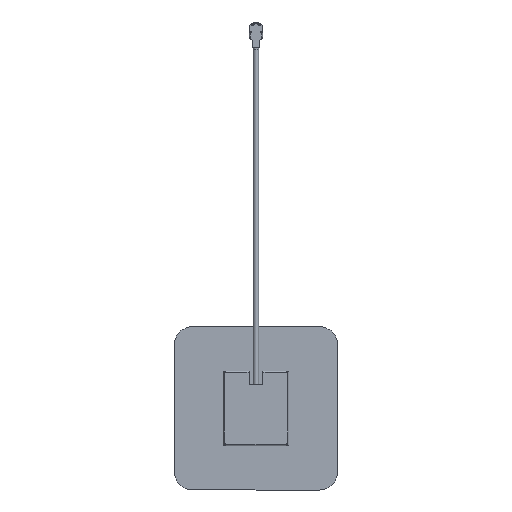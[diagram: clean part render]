
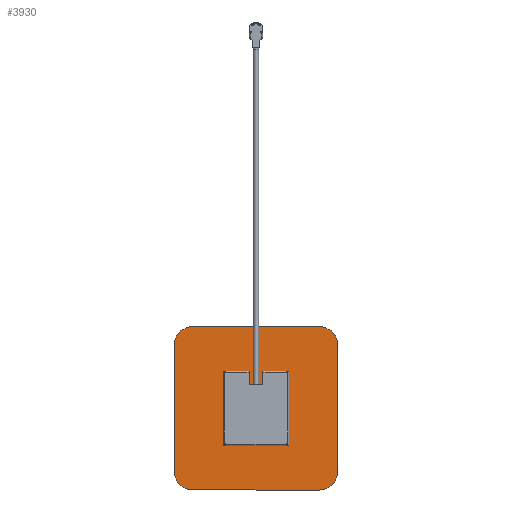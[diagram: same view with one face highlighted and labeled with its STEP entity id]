
A CAD part, front view. The second image highlights one B-rep face of the part: STEP entity #3930.
In plain terms, the highlighted planar face has unit normal (0, -1, 0).
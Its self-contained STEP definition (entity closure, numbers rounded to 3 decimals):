
#797 = CARTESIAN_POINT ( 'NONE',  ( -13.55, 0., -17.55 ) ) ;
#916 = EDGE_CURVE ( 'NONE', #6315, #2290, #12969, .T. ) ;
#1003 = DIRECTION ( 'NONE',  ( 1., 0., 0. ) ) ;
#1149 = AXIS2_PLACEMENT_3D ( 'NONE', #17289, #7463, #21796 ) ;
#1432 = VERTEX_POINT ( 'NONE', #22346 ) ;
#2256 = LINE ( 'NONE', #9877, #20551 ) ;
#2290 = VERTEX_POINT ( 'NONE', #22582 ) ;
#2949 = EDGE_LOOP ( 'NONE', ( #24759, #14640, #10638, #16683, #23468, #25481, #9644, #5587 ) ) ;
#3930 = ADVANCED_FACE ( 'N', ( #11938 ), #13431, .F. ) ;
#4279 = CARTESIAN_POINT ( 'NONE',  ( 13.55, 0., 13.55 ) ) ;
#4762 = VECTOR ( 'NONE', #9450, 1000. ) ;
#5587 = ORIENTED_EDGE ( 'NONE', *, *, #10237, .F. ) ;
#5766 = DIRECTION ( 'NONE',  ( 0., 1., 0. ) ) ;
#5875 = VERTEX_POINT ( 'NONE', #9987 ) ;
#6172 = DIRECTION ( 'NONE',  ( 0., 0., -1. ) ) ;
#6315 = VERTEX_POINT ( 'NONE', #26901 ) ;
#6717 = EDGE_CURVE ( 'NONE', #24443, #13915, #14232, .T. ) ;
#7327 = AXIS2_PLACEMENT_3D ( 'NONE', #25376, #18460, #25485 ) ;
#7463 = DIRECTION ( 'NONE',  ( 0., 1., 0. ) ) ;
#8627 = CARTESIAN_POINT ( 'NONE',  ( 17.55, 0., -13.55 ) ) ;
#9352 = CARTESIAN_POINT ( 'NONE',  ( 17.55, 0., -13.55 ) ) ;
#9450 = DIRECTION ( 'NONE',  ( 0., 0., 1. ) ) ;
#9644 = ORIENTED_EDGE ( 'NONE', *, *, #28148, .T. ) ;
#9877 = CARTESIAN_POINT ( 'NONE',  ( -13.55, 0., 17.55 ) ) ;
#9987 = CARTESIAN_POINT ( 'NONE',  ( -17.55, 0., -13.55 ) ) ;
#10237 = EDGE_CURVE ( 'NONE', #24443, #5875, #17440, .T. ) ;
#10638 = ORIENTED_EDGE ( 'NONE', *, *, #29285, .T. ) ;
#10786 = CARTESIAN_POINT ( 'NONE',  ( -13.55, 0., -13.55 ) ) ;
#10960 = CIRCLE ( 'NONE', #16356, 4. ) ;
#11938 = FACE_OUTER_BOUND ( 'NONE', #2949, .T. ) ;
#12794 = AXIS2_PLACEMENT_3D ( 'NONE', #10786, #5766, #6172 ) ;
#12969 = CIRCLE ( 'NONE', #7327, 4. ) ;
#13431 = PLANE ( 'NONE',  #18886 ) ;
#13749 = VERTEX_POINT ( 'NONE', #13825 ) ;
#13825 = CARTESIAN_POINT ( 'NONE',  ( 13.55, 0., 17.55 ) ) ;
#13915 = VERTEX_POINT ( 'NONE', #24782 ) ;
#14232 = LINE ( 'NONE', #797, #15360 ) ;
#14260 = DIRECTION ( 'NONE',  ( 0., 0., -1. ) ) ;
#14640 = ORIENTED_EDGE ( 'NONE', *, *, #25230, .F. ) ;
#15360 = VECTOR ( 'NONE', #1003, 1000. ) ;
#15610 = EDGE_CURVE ( 'NONE', #13749, #1432, #10960, .T. ) ;
#16032 = CARTESIAN_POINT ( 'NONE',  ( -13.55, 0., -17.55 ) ) ;
#16096 = LINE ( 'NONE', #9352, #4762 ) ;
#16356 = AXIS2_PLACEMENT_3D ( 'NONE', #4279, #22771, #14260 ) ;
#16683 = ORIENTED_EDGE ( 'NONE', *, *, #15610, .F. ) ;
#17289 = CARTESIAN_POINT ( 'NONE',  ( 13.55, 0., -13.55 ) ) ;
#17440 = CIRCLE ( 'NONE', #12794, 4. ) ;
#17716 = DIRECTION ( 'NONE',  ( 0., 1., 0. ) ) ;
#17810 = CARTESIAN_POINT ( 'NONE',  ( -17.55, 0., -13.55 ) ) ;
#18424 = VECTOR ( 'NONE', #29303, 1000. ) ;
#18460 = DIRECTION ( 'NONE',  ( 0., 1., 0. ) ) ;
#18886 = AXIS2_PLACEMENT_3D ( 'NONE', #27074, #17716, #20080 ) ;
#19405 = DIRECTION ( 'NONE',  ( -1., 0., 0. ) ) ;
#19516 = LINE ( 'NONE', #17810, #18424 ) ;
#20080 = DIRECTION ( 'NONE',  ( 0., 0., 1. ) ) ;
#20551 = VECTOR ( 'NONE', #19405, 1000. ) ;
#20635 = VERTEX_POINT ( 'NONE', #8627 ) ;
#21796 = DIRECTION ( 'NONE',  ( 0., 0., -1. ) ) ;
#22346 = CARTESIAN_POINT ( 'NONE',  ( 17.55, 0., 13.55 ) ) ;
#22582 = CARTESIAN_POINT ( 'NONE',  ( -13.55, 0., 17.55 ) ) ;
#22771 = DIRECTION ( 'NONE',  ( 0., 1., 0. ) ) ;
#23468 = ORIENTED_EDGE ( 'NONE', *, *, #28673, .T. ) ;
#24443 = VERTEX_POINT ( 'NONE', #16032 ) ;
#24759 = ORIENTED_EDGE ( 'NONE', *, *, #6717, .T. ) ;
#24782 = CARTESIAN_POINT ( 'NONE',  ( 13.55, 0., -17.55 ) ) ;
#25230 = EDGE_CURVE ( 'NONE', #20635, #13915, #28553, .T. ) ;
#25376 = CARTESIAN_POINT ( 'NONE',  ( -13.55, 0., 13.55 ) ) ;
#25481 = ORIENTED_EDGE ( 'NONE', *, *, #916, .F. ) ;
#25485 = DIRECTION ( 'NONE',  ( 0., 0., -1. ) ) ;
#26901 = CARTESIAN_POINT ( 'NONE',  ( -17.55, 0., 13.55 ) ) ;
#27074 = CARTESIAN_POINT ( 'NONE',  ( -13.55, 0., -13.55 ) ) ;
#28148 = EDGE_CURVE ( 'NONE', #6315, #5875, #19516, .T. ) ;
#28553 = CIRCLE ( 'NONE', #1149, 4. ) ;
#28673 = EDGE_CURVE ( 'NONE', #13749, #2290, #2256, .T. ) ;
#29285 = EDGE_CURVE ( 'NONE', #20635, #1432, #16096, .T. ) ;
#29303 = DIRECTION ( 'NONE',  ( 0., 0., -1. ) ) ;

WHAT IS REQUIRED: Print only the lines from the opening line of the listing to the line containing "Its self-contained STEP", inclusive, exactly as they appear and without pictures.

RESULT BELOW:
[diagram: clean part render]
[diagram: same view with one face highlighted and labeled with its STEP entity id]
A CAD part, front view. The second image highlights one B-rep face of the part: STEP entity #3930.
In plain terms, the highlighted planar face has unit normal (0, -1, 0).
Its self-contained STEP definition (entity closure, numbers rounded to 3 decimals):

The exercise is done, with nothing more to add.